W odpowiedzi na masową wycinkę drzew opozycyjni politycy i aktywiści w całym kraju zwrócili się do prezydentów, wójtów i burmistrzów z prośbą o wskazanie miejsc publicznych, w których mogliby zasadzić drzewa. Taki wniosek wpłynął także do prezydenta Lubina. Magistrat inicjatywę chwali, ale na nasadzenia się nie zgadza.

W Lubinie o masowej wycince drzew nie ma mowy (na zdj. wycinka pod Osiekiem)

W imieniu grupy aktywistów miejskich wniosek do magistratu z prośbą o wyznaczenie odpowiedniego miejsca i zgodę na nasadzenia złożył Grzegorz Zieliński, przewodniczący lubińskiego koła Nowoczesnej. 

– Cieszymy się, że mieszkańcy wychodzą z taką inicjatywą i propagują świadomość ekologiczną, jednak nie ma możliwości wskazania takiego miejsca – mówi Jacek Mamiński, rzecznik prezydenta Lubina. – Posadzenie drzewa wiąże się z koniecznością dbania o nie przez wiele lat, podlewania, nawożenia. Miasto co roku sadzi, a następnie dba o kilkadziesiąt drzew zgodnie z własnym planem nasadzeń. Poza tym na terenie miasta nie ma mowy o masowej wycince drzew. Usuwane są przede wszystkim drzewa chore, obumarłe, stanowiące zagrożenie oraz kolidujące z różnego rodzaju inwestycjami. Zapotrzebowanie na tereny, które można obsadzić nowymi drzewami, jest więc ograniczone – wyjaśnia Mamiński.
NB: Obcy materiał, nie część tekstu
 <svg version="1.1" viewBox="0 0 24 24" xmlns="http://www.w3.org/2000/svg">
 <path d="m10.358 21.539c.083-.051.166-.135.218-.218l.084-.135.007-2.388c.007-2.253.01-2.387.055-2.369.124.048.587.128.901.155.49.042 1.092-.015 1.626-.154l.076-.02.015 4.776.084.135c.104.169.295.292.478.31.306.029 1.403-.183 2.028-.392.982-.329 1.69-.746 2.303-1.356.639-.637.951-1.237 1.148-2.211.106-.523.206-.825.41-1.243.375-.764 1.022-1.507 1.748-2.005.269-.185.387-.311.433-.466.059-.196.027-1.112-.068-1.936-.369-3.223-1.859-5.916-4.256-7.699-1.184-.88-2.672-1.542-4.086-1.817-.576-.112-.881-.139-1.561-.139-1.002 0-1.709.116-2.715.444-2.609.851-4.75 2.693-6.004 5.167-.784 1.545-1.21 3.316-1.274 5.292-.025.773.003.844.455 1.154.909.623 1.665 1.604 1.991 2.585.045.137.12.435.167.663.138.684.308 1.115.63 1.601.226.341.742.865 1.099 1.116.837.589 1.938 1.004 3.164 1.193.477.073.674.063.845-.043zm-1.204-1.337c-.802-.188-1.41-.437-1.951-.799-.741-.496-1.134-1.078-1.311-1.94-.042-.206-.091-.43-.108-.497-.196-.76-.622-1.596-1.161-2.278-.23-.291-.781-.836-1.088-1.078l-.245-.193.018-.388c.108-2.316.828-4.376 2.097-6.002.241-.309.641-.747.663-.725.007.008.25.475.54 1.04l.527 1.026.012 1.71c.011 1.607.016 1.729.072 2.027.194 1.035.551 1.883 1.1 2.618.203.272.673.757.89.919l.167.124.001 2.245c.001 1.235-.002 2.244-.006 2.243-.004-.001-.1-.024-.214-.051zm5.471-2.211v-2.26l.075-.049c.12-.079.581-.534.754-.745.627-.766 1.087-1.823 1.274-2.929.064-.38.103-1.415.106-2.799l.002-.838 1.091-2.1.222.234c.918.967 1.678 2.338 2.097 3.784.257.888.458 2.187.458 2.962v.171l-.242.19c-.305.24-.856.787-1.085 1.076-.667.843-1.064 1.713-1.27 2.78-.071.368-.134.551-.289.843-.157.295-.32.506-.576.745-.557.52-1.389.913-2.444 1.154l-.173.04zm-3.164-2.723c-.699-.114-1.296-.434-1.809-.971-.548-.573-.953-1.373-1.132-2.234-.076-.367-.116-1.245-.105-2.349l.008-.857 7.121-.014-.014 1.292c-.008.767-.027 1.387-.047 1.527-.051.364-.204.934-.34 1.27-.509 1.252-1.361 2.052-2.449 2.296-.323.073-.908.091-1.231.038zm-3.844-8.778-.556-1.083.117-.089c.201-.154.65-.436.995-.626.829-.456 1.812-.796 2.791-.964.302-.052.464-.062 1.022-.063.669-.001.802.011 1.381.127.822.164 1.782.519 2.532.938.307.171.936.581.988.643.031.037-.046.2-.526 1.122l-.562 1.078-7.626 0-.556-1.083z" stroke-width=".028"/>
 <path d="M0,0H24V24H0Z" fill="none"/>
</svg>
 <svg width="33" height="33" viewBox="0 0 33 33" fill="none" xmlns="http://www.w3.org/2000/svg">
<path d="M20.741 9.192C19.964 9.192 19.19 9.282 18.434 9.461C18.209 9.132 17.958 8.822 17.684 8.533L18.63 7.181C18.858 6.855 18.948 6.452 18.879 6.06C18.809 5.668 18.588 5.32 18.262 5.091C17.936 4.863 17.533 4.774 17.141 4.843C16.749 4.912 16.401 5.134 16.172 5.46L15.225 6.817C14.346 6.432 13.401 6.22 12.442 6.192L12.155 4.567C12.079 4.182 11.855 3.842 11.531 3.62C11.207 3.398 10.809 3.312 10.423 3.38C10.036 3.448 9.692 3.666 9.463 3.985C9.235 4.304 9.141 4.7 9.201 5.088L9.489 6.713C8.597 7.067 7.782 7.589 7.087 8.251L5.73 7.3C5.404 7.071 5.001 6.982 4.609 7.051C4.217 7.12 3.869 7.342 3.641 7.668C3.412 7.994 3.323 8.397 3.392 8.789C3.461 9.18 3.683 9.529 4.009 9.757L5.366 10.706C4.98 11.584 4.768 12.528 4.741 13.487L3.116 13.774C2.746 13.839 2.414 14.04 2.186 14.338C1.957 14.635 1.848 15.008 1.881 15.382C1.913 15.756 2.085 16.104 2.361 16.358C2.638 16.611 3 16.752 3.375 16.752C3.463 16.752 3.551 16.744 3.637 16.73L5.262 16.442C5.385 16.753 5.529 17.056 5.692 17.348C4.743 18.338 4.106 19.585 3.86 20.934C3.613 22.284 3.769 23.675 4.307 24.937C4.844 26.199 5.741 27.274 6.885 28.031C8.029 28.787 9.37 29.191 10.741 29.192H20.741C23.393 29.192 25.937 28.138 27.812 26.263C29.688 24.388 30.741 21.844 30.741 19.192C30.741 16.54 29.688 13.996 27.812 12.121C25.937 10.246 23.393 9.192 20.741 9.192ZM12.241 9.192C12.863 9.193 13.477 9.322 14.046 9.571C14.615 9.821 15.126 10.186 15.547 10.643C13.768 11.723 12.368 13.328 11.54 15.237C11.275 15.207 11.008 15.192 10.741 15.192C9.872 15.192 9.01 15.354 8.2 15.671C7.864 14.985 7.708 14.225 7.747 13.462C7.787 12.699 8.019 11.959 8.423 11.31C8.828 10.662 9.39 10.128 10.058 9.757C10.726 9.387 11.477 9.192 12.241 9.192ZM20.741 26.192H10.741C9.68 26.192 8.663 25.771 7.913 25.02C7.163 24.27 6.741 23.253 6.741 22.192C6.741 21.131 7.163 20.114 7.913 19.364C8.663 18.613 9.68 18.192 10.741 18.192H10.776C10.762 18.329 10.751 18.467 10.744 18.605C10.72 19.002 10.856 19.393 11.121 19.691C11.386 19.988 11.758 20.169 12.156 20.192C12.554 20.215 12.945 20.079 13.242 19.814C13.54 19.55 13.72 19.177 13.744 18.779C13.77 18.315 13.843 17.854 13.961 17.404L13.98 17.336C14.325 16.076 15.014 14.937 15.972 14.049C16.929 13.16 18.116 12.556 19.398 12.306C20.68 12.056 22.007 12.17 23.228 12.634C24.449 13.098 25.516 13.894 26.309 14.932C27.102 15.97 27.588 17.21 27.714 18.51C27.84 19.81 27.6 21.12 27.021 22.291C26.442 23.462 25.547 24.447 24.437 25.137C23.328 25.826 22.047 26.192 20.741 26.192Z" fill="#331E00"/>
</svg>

Nowocześni politycy nie poddają się i zapowiadają, że będą szukać partnerów wśród prywatnych osób, firm i różnych instytucji. Mają też nadzieję, że uda im się upowszechnić zwyczaj sadzenia drzew w związku z upamiętnieniem narodzin dziecka czy też innych ważnych wydarzeń w życiu mieszkańców. W najbliższym czasie planują też rozdawać mieszkańcom sadzonki drzew.